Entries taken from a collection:
::::
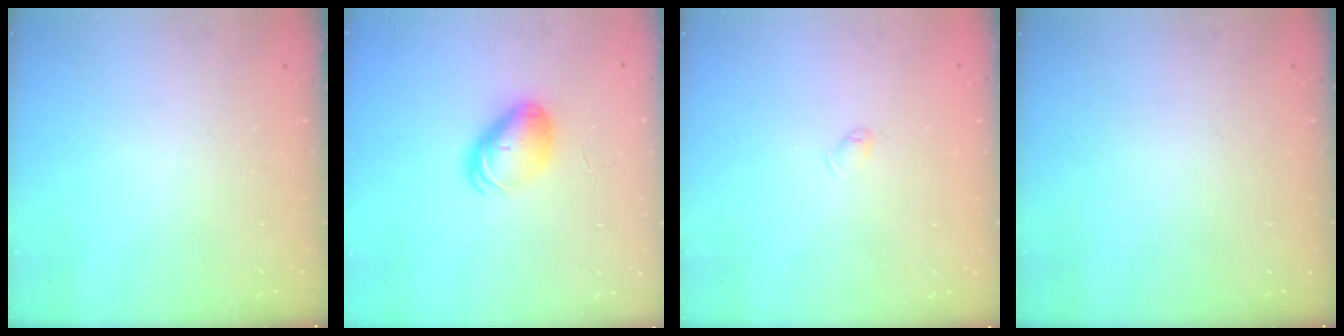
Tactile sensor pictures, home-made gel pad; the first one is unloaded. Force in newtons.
{"total": 9.3, "press": 9.3, "slide": 1.1}
{"total": 3.5, "press": 3.5, "slide": 0.5}
{"total": 0.0}
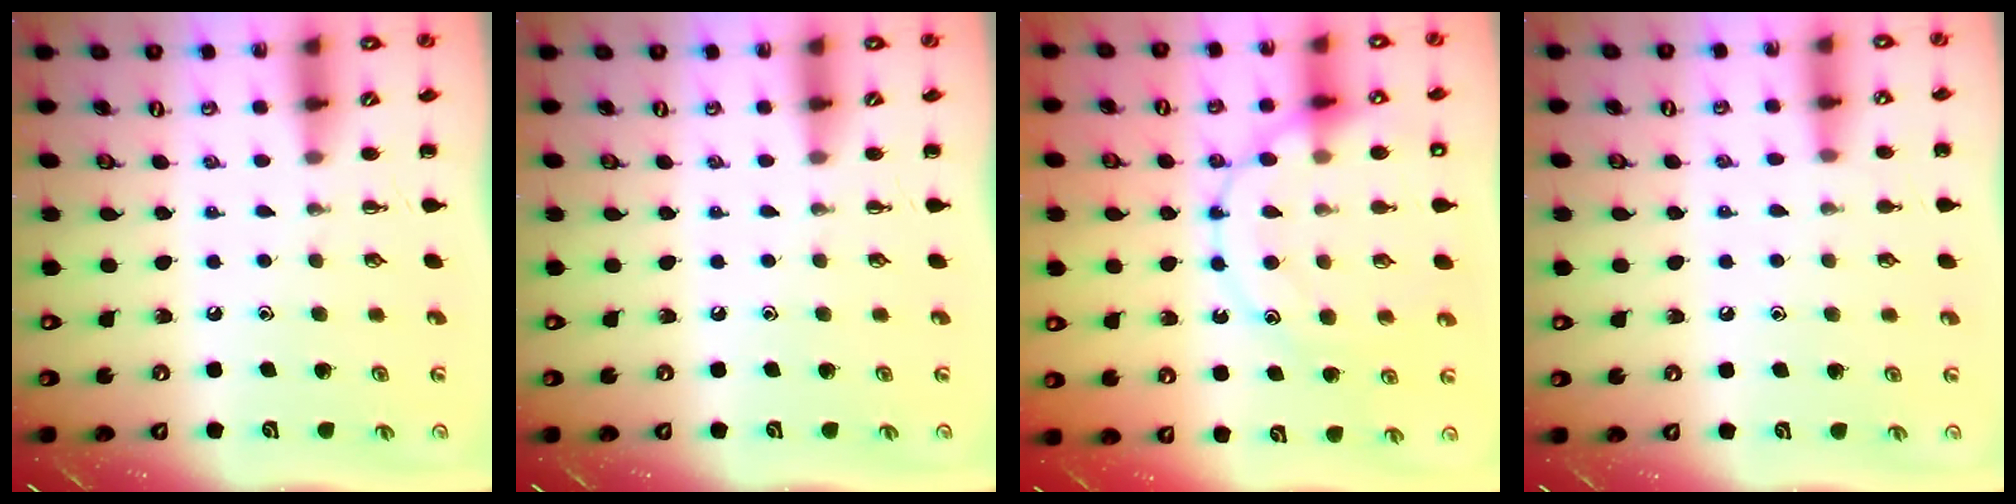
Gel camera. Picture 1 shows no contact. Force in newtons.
{"total": 0.0}
{"total": 18.7, "press": 18.6, "slide": 1.9}
{"total": 5.6, "press": 5.3, "slide": 1.9}
::::
● **WHAT THE TASK ASKS**
Drop the pictures; repeat each entry above exactly.

● **OUTPUT BELOW**
Tactile sensor pictures, home-made gel pad; the first one is unloaded. Force in newtons.
{"total": 9.3, "press": 9.3, "slide": 1.1}
{"total": 3.5, "press": 3.5, "slide": 0.5}
{"total": 0.0}
Gel camera. Picture 1 shows no contact. Force in newtons.
{"total": 0.0}
{"total": 18.7, "press": 18.6, "slide": 1.9}
{"total": 5.6, "press": 5.3, "slide": 1.9}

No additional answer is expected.